Да, более ужасный конец представить себе невозможно... Припоминаются тут разные мемуаоы, восторги, инвективы, эпиграммы и напротив - акафисты. Гений всемирного театра, уж это неоспоримо. Разные тут возникают имена: Станиславский и Комиссаржевская, Брех и Сергей Третьяков, А. Н. Толстой (ну, да, а кто Карабас-Барабас в его сказке! И еще - шуточки в новеллах), Эренбург (сначала чудом недорасстрелянный по приказу порывистого по приказу комиссара Мейерхольда, затем его близкий друг), Ильф и Петров (понятно ведь. какой театр подразумевается под "Глобусом" гастролирующим со своими стульями и кружками Эсмарха), Маяковский и Шостакович, Эрдман, А. Гладков, Сельвинский... Впрочем, перечень длинный. Нельзя, конечно, не упомянуть Есенина, который "свою жену легко отдал другому". И потом задирался с похмелья, вторгался и даже сочинял оскорбительные стишки, почти частушки. Тут, увы, и преступление режиссера Мейерхольда - роли гениальной Бабановой отдал З. Райх. Да, но любовь зла. И не судима!

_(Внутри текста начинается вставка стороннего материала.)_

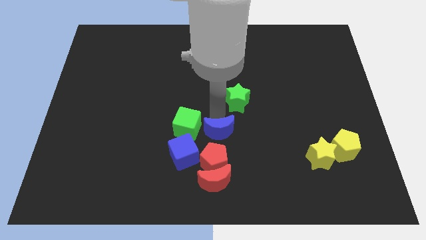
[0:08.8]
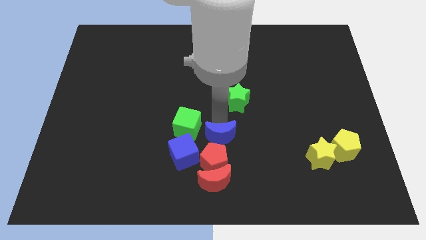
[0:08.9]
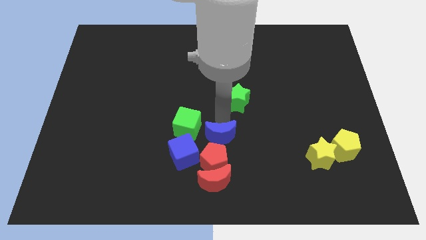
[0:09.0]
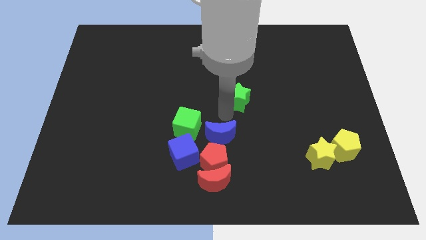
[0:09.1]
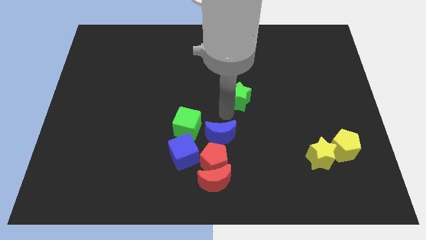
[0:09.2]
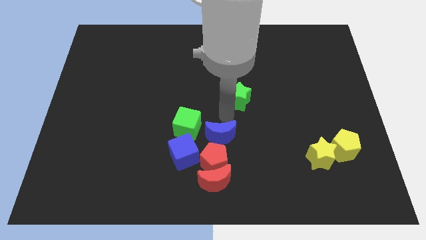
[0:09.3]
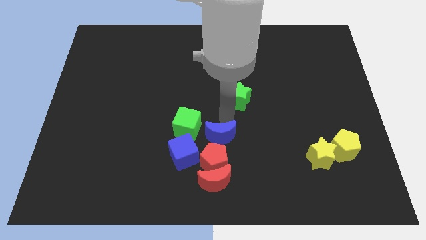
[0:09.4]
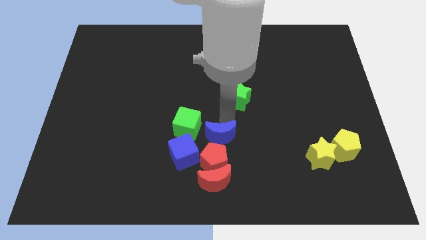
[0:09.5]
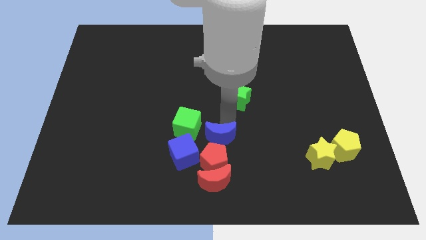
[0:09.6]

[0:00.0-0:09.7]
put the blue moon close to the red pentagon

Но вот что важно: было два Мейерхольда - господин и товарищ. Что и зафиксировано в стихах Бориса Слуцкого: "Если б Мейерхольду "Маскарада" площадной явился Мейерхольд, Мейерхольд забора и парада, совершивший непостижный вольт...". Б. А. предполагал, что один поймёт другого. Но думается: что всё же об этом вольте думали Вяч. Иванов и Михаил Алексеевич Кузмин? Не могли такого вот вольта предвидеть. Но и такого страшного конца тоже. Да, "Всё равно подходит расплата - Видишь там, за вьюгой крупчатой Мейерхольдовы арапчата Затевают опять возню?" (Анна Ахматова "Поэма без героя").
Далее стихотворение Бориса Пастернака, любимое мною с отрочества и в ту пору раз едва ли не триста прочтенное наизусть.
МЕЙЕРХОЛЬДАМ
Желоба коридоров иссякли.
Гул отхлынул и сплыл, и заглох.
У окна, опоздавши к спектаклю,
Вяжет вьюга из хлопьев чулок.
Рытым ходом за сценой залягте,
И, обуглясь у всех на виду,
Как дурак, я зайду к вам в антракте,
И смешаюсь, и слов не найду.
Я увижу деревья и крыши.
Вихрем кинутся мушки во тьму.
По замашкам зимы замухрышки
Я игру в кошки-мышки пойму.
Я скажу, что от этих ужимок
Еле цел я остался внизу,
Что пакет развязался и вымок,
И что я вам другой привезу.
Что от чувств на земле нет отбою,
Что в руках моих – плеск из фойе,
Что из этих признаний – любое
Вам обоим, а лучшее – ей.
Я люблю ваш нескладный развалец,
Жадной проседи взбитую прядь.
Если даже вы в это выгрались,
Ваша правда, так надо играть.
Так играл пред землей молодою
Одаренный один режиссер,
Что носился как дух над водою
И ребро сокрушенное тер.
И, протискавшись в мир из-за дисков
Наобум размещенных светил,
За дрожащую руку артистку
На дебют роковой выводил.
Той же пьесою неповторимой,
Точно запахом краски, дыша,
Вы всего себя стерли для грима.
Имя этому гриму – душа.
1928
--
И вот что я скажу: это поначалу стихи, как стихи, неспешно развертывающиеся, средне-хорошие. Но необычными и даже великими их делают заключительные четверостишия с дерзостным сравнением театрального режиссера с Господом Богом, с Творцом. И, хотя приходится принять установившееся написание, но ведь слово "землей" надо бы писать с большой буквы - Землей. Речь-то о сотворенной планете.